Word for word, restate the listing; omit the pictures.

·····

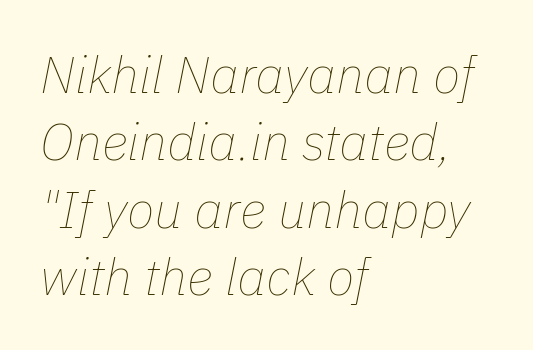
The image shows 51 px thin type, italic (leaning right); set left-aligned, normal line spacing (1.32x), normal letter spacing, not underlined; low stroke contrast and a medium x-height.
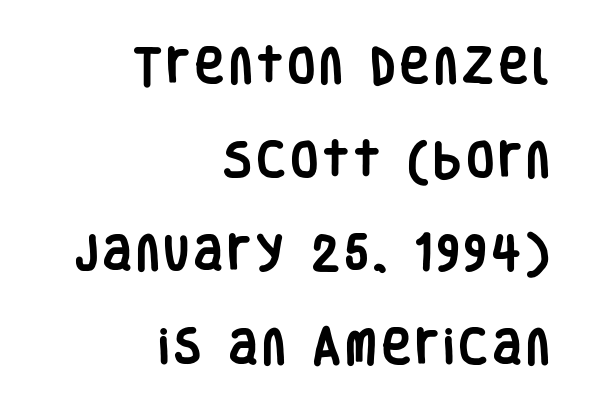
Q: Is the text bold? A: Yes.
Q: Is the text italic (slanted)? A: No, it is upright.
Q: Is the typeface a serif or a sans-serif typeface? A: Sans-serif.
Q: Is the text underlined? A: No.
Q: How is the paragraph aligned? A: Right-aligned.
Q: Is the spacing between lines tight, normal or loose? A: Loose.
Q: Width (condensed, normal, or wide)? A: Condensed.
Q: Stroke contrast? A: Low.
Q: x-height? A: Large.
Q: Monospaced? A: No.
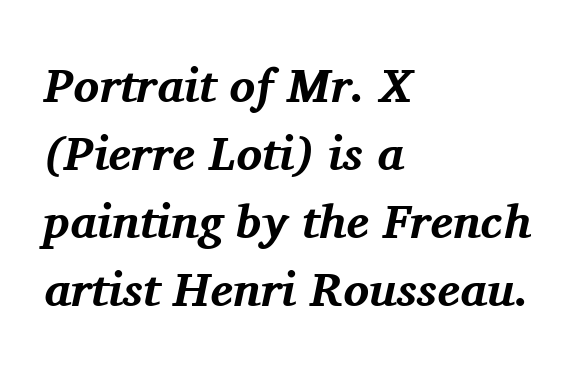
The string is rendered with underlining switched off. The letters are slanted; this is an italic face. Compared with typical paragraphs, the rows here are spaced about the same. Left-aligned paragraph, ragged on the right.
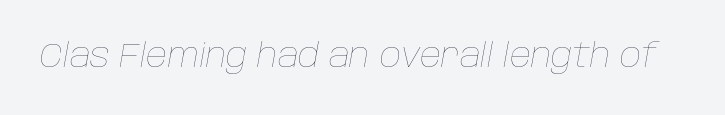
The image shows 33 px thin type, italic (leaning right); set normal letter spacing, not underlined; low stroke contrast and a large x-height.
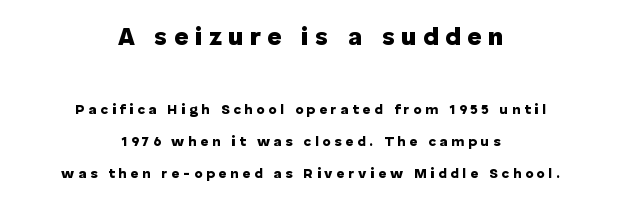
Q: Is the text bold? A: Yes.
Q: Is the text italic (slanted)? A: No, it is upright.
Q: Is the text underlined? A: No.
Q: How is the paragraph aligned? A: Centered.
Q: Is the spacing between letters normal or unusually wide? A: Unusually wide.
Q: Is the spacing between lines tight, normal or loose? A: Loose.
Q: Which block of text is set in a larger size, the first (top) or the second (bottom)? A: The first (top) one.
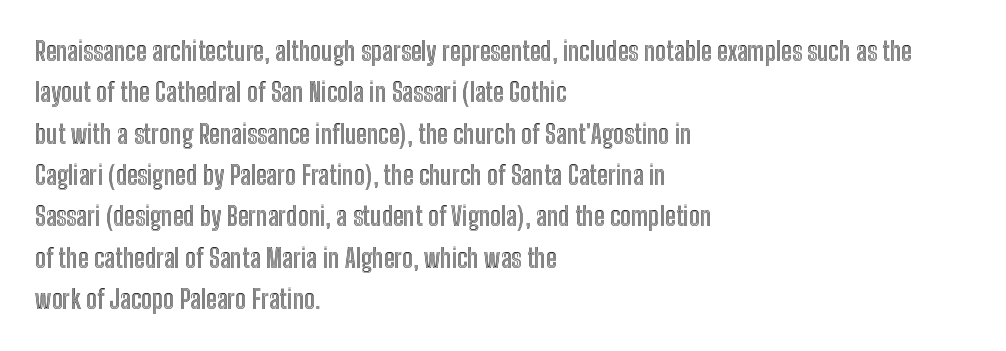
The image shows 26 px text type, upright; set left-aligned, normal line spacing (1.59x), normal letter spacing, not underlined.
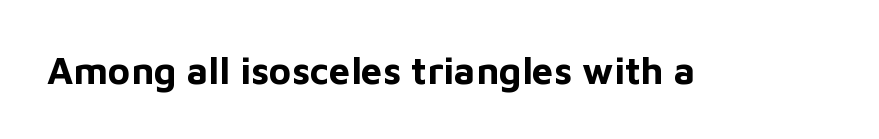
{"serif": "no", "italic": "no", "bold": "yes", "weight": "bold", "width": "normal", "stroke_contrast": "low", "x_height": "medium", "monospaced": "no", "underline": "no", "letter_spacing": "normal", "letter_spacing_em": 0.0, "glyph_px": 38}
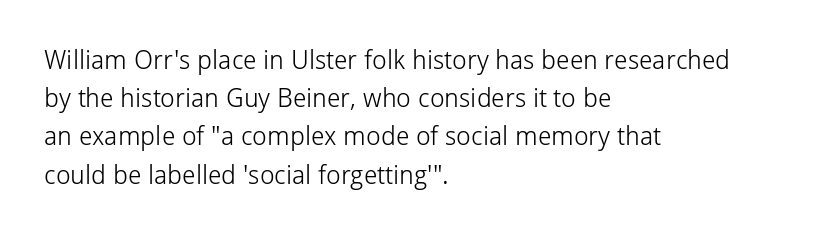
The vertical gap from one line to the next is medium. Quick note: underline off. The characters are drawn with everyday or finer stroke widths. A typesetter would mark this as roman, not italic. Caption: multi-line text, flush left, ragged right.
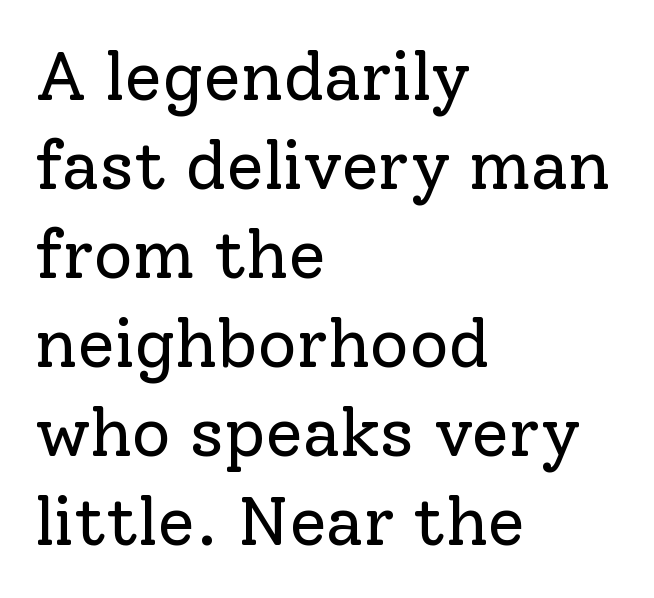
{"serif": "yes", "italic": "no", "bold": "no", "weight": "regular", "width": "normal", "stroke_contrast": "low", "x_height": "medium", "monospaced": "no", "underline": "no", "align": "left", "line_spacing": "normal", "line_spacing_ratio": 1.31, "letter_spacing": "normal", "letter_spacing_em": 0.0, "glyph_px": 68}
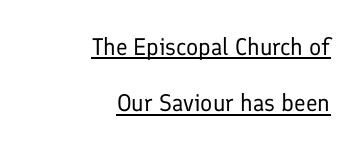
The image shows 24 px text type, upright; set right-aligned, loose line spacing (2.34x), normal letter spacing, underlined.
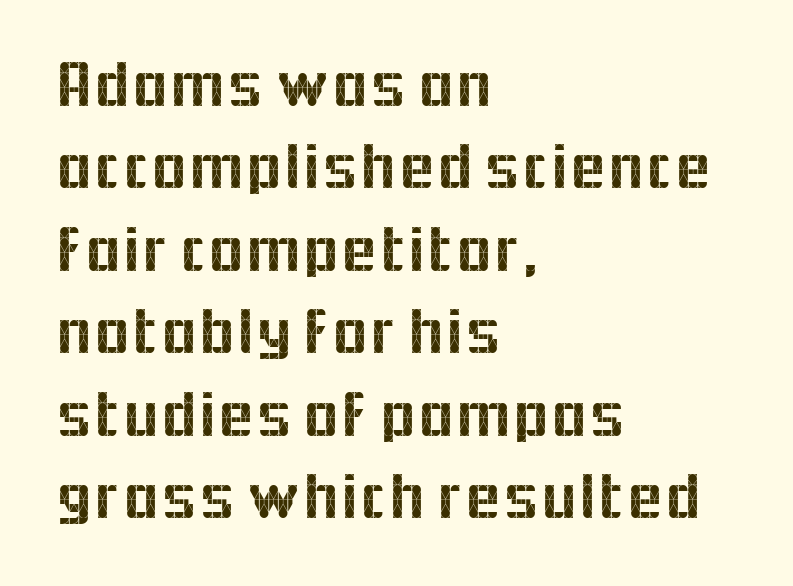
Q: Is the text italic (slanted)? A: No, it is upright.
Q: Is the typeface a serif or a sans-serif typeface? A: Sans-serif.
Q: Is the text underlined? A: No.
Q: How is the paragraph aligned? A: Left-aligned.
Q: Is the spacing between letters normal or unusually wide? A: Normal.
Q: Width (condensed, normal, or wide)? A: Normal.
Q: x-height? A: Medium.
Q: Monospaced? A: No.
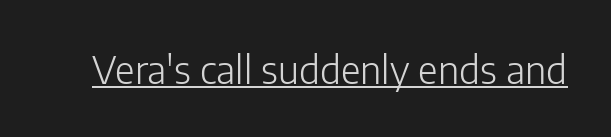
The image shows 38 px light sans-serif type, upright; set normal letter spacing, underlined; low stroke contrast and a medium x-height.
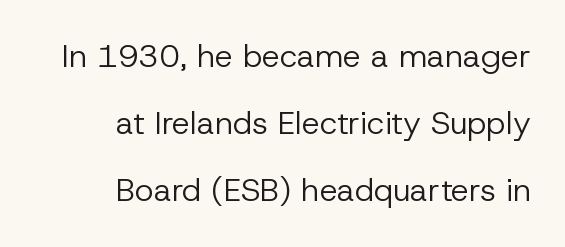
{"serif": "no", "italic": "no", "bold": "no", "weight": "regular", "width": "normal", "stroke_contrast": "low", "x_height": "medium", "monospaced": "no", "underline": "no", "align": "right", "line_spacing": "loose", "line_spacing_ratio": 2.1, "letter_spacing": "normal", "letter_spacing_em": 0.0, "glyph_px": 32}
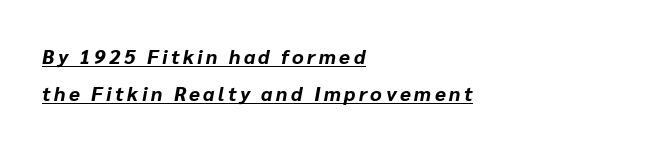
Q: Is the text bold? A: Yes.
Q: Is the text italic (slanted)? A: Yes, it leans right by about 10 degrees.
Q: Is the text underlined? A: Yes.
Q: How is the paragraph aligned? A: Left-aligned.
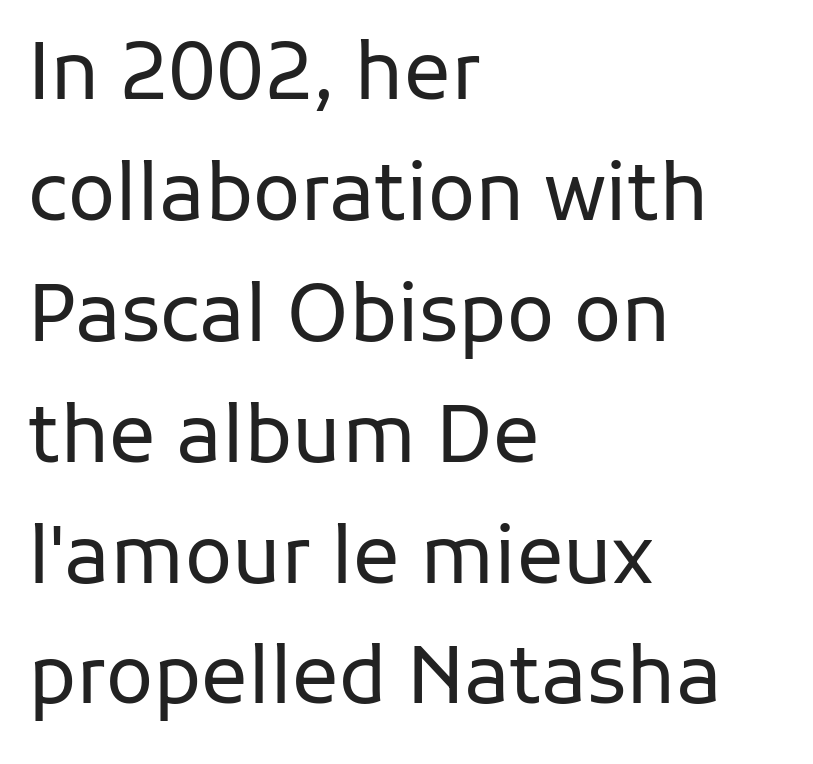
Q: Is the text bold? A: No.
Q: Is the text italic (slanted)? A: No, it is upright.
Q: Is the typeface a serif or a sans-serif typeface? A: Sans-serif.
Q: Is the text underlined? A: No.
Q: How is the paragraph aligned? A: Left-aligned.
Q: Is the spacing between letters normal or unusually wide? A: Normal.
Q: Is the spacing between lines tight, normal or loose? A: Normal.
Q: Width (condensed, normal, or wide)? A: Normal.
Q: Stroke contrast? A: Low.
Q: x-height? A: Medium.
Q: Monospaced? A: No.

·····

**Expected answer**
The image shows 51 px thin type, italic (leaning right); set left-aligned, normal line spacing (1.32x), normal letter spacing, not underlined; low stroke contrast and a medium x-height.
Q: Is the text bold? A: Yes.
Q: Is the text italic (slanted)? A: No, it is upright.
Q: Is the typeface a serif or a sans-serif typeface? A: Sans-serif.
Q: Is the text underlined? A: No.
Q: How is the paragraph aligned? A: Right-aligned.
Q: Is the spacing between lines tight, normal or loose? A: Loose.
Q: Width (condensed, normal, or wide)? A: Condensed.
Q: Stroke contrast? A: Low.
Q: x-height? A: Large.
Q: Monospaced? A: No.
The string is rendered with underlining switched off. The letters are slanted; this is an italic face. Compared with typical paragraphs, the rows here are spaced about the same. Left-aligned paragraph, ragged on the right.
The image shows 33 px thin type, italic (leaning right); set normal letter spacing, not underlined; low stroke contrast and a large x-height.
Q: Is the text bold? A: Yes.
Q: Is the text italic (slanted)? A: No, it is upright.
Q: Is the text underlined? A: No.
Q: How is the paragraph aligned? A: Centered.
Q: Is the spacing between letters normal or unusually wide? A: Unusually wide.
Q: Is the spacing between lines tight, normal or loose? A: Loose.
Q: Which block of text is set in a larger size, the first (top) or the second (bottom)? A: The first (top) one.
The image shows 26 px text type, upright; set left-aligned, normal line spacing (1.59x), normal letter spacing, not underlined.
{"serif": "no", "italic": "no", "bold": "yes", "weight": "bold", "width": "normal", "stroke_contrast": "low", "x_height": "medium", "monospaced": "no", "underline": "no", "letter_spacing": "normal", "letter_spacing_em": 0.0, "glyph_px": 38}
The vertical gap from one line to the next is medium. Quick note: underline off. The characters are drawn with everyday or finer stroke widths. A typesetter would mark this as roman, not italic. Caption: multi-line text, flush left, ragged right.
{"serif": "yes", "italic": "no", "bold": "no", "weight": "regular", "width": "normal", "stroke_contrast": "low", "x_height": "medium", "monospaced": "no", "underline": "no", "align": "left", "line_spacing": "normal", "line_spacing_ratio": 1.31, "letter_spacing": "normal", "letter_spacing_em": 0.0, "glyph_px": 68}
The image shows 24 px text type, upright; set right-aligned, loose line spacing (2.34x), normal letter spacing, underlined.
Q: Is the text italic (slanted)? A: No, it is upright.
Q: Is the typeface a serif or a sans-serif typeface? A: Sans-serif.
Q: Is the text underlined? A: No.
Q: How is the paragraph aligned? A: Left-aligned.
Q: Is the spacing between letters normal or unusually wide? A: Normal.
Q: Width (condensed, normal, or wide)? A: Normal.
Q: x-height? A: Medium.
Q: Monospaced? A: No.
The image shows 38 px light sans-serif type, upright; set normal letter spacing, underlined; low stroke contrast and a medium x-height.
{"serif": "no", "italic": "no", "bold": "no", "weight": "regular", "width": "normal", "stroke_contrast": "low", "x_height": "medium", "monospaced": "no", "underline": "no", "align": "right", "line_spacing": "loose", "line_spacing_ratio": 2.1, "letter_spacing": "normal", "letter_spacing_em": 0.0, "glyph_px": 32}
Q: Is the text bold? A: Yes.
Q: Is the text italic (slanted)? A: Yes, it leans right by about 10 degrees.
Q: Is the text underlined? A: Yes.
Q: How is the paragraph aligned? A: Left-aligned.
Q: Is the text bold? A: No.
Q: Is the text italic (slanted)? A: No, it is upright.
Q: Is the typeface a serif or a sans-serif typeface? A: Sans-serif.
Q: Is the text underlined? A: No.
Q: How is the paragraph aligned? A: Left-aligned.
Q: Is the spacing between letters normal or unusually wide? A: Normal.
Q: Is the spacing between lines tight, normal or loose? A: Normal.
Q: Width (condensed, normal, or wide)? A: Normal.
Q: Stroke contrast? A: Low.
Q: x-height? A: Medium.
Q: Monospaced? A: No.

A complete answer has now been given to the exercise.